*** Opening RECORDS SUPPLIED ***
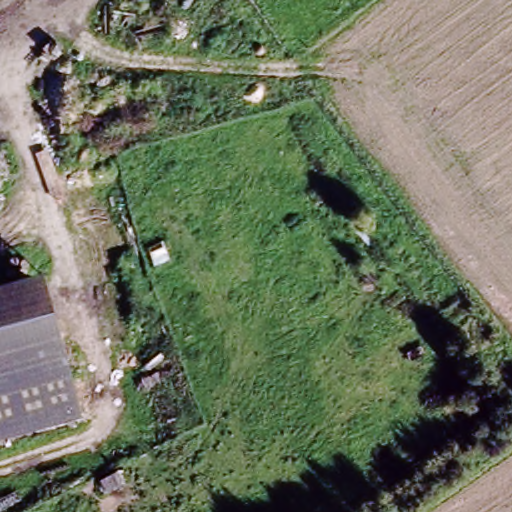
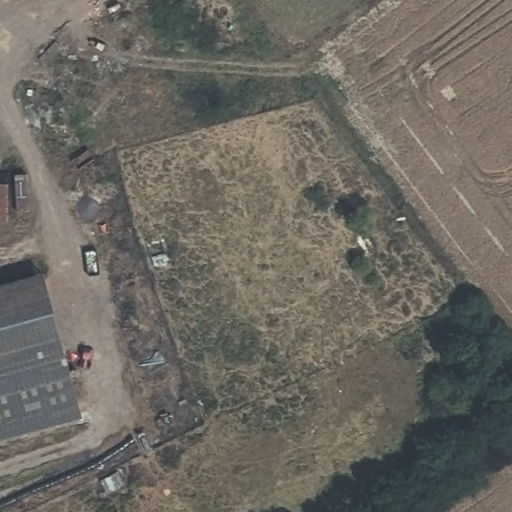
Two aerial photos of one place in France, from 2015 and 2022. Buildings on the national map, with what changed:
unchanged [(0,427),(0,290),(40,279),(74,407),(0,427)]
unchanged [(78,422),(0,443),(0,427),(74,407),(78,422)]

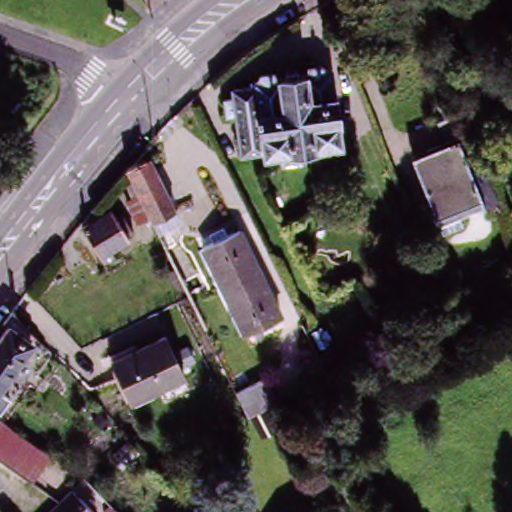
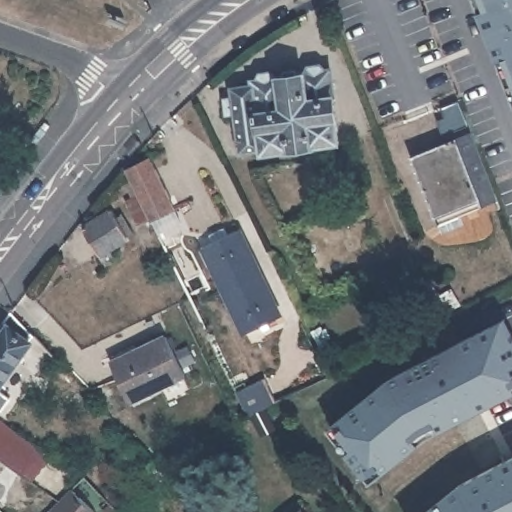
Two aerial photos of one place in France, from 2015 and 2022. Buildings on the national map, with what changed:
new [(477,0),(512,0),(512,95),(477,0)]
unchanged [(257,90),(256,84),(263,83),(265,76),(276,75),(280,80),(290,79),(289,74),(300,72),(301,77),(310,76),(313,70),(324,69),(327,73),(334,72),(345,147),(267,159),(266,153),(245,156),(238,119),(229,120),(227,103),(236,101),(235,92),(257,90)]
unchanged [(451,110),(458,127),(432,138),(425,123),(433,120),(430,110),(448,103),(451,110)]
unchanged [(488,202),(454,215),(457,226),(437,234),(426,205),(406,157),(418,152),(461,135),(488,202)]
unchanged [(127,202),(140,196),(126,169),(150,156),(175,206),(151,219),(150,216),(137,223),(127,202)]
unchanged [(87,219),(96,214),(99,219),(110,211),(115,220),(122,216),(131,235),(125,239),(126,240),(97,257),(81,229),(90,224),(87,219)]
unchanged [(204,247),(214,241),(211,235),(226,227),(230,234),(240,228),(282,312),(246,330),(204,247)]
unchanged [(171,260),(179,276),(171,280),(162,262),(170,258),(171,260)]
unchanged [(30,342),(33,344),(0,389),(0,351),(14,331),(7,326),(15,315),(35,336),(30,342)]
new [(348,450),(330,427),(338,420),(391,379),(504,320),(512,336),(512,393),(441,430),(429,436),(420,443),(385,471),(372,481),(348,450)]
unchanged [(162,332),(184,370),(130,401),(109,365),(162,332)]
unchanged [(259,431),(251,416),(249,417),(238,396),(267,381),(278,402),(265,409),(271,425),(259,431)]
unchanged [(1,416),(0,415),(0,390),(13,400),(1,416)]
unchanged [(36,485),(0,459),(0,422),(55,460),(36,485)]
unchanged [(130,441),(139,451),(125,465),(115,455),(130,441)]
new [(461,484),(512,458),(512,512),(426,512),(461,484)]
unchanged [(81,480),(105,506),(99,512),(49,512),(81,480)]
unchanged [(302,508),(306,512),(298,512),(302,508)]

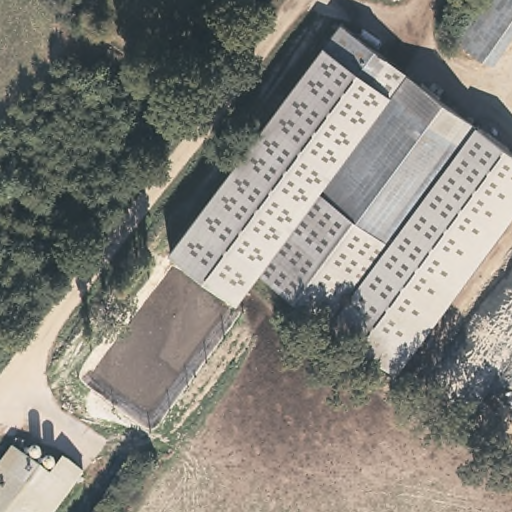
*** Closing RECORDS SUPPLIED ***
__WORK TO COMPLETE__
What you print must match the entries exactly, except that no pictures appear.

__RESULT OF THIS EXERCISE__
Two aerial photos of one place in France, from 2015 and 2022. Buildings on the national map, with what changed:
unchanged [(0,427),(0,290),(40,279),(74,407),(0,427)]
unchanged [(78,422),(0,443),(0,427),(74,407),(78,422)]

Two aerial photos of one place in France, from 2015 and 2022. Buildings on the national map, with what changed:
new [(477,0),(512,0),(512,95),(477,0)]
unchanged [(257,90),(256,84),(263,83),(265,76),(276,75),(280,80),(290,79),(289,74),(300,72),(301,77),(310,76),(313,70),(324,69),(327,73),(334,72),(345,147),(267,159),(266,153),(245,156),(238,119),(229,120),(227,103),(236,101),(235,92),(257,90)]
unchanged [(451,110),(458,127),(432,138),(425,123),(433,120),(430,110),(448,103),(451,110)]
unchanged [(488,202),(454,215),(457,226),(437,234),(426,205),(406,157),(418,152),(461,135),(488,202)]
unchanged [(127,202),(140,196),(126,169),(150,156),(175,206),(151,219),(150,216),(137,223),(127,202)]
unchanged [(87,219),(96,214),(99,219),(110,211),(115,220),(122,216),(131,235),(125,239),(126,240),(97,257),(81,229),(90,224),(87,219)]
unchanged [(204,247),(214,241),(211,235),(226,227),(230,234),(240,228),(282,312),(246,330),(204,247)]
unchanged [(171,260),(179,276),(171,280),(162,262),(170,258),(171,260)]
unchanged [(30,342),(33,344),(0,389),(0,351),(14,331),(7,326),(15,315),(35,336),(30,342)]
new [(348,450),(330,427),(338,420),(391,379),(504,320),(512,336),(512,393),(441,430),(429,436),(420,443),(385,471),(372,481),(348,450)]
unchanged [(162,332),(184,370),(130,401),(109,365),(162,332)]
unchanged [(259,431),(251,416),(249,417),(238,396),(267,381),(278,402),(265,409),(271,425),(259,431)]
unchanged [(1,416),(0,415),(0,390),(13,400),(1,416)]
unchanged [(36,485),(0,459),(0,422),(55,460),(36,485)]
unchanged [(130,441),(139,451),(125,465),(115,455),(130,441)]
new [(461,484),(512,458),(512,512),(426,512),(461,484)]
unchanged [(81,480),(105,506),(99,512),(49,512),(81,480)]
unchanged [(302,508),(306,512),(298,512),(302,508)]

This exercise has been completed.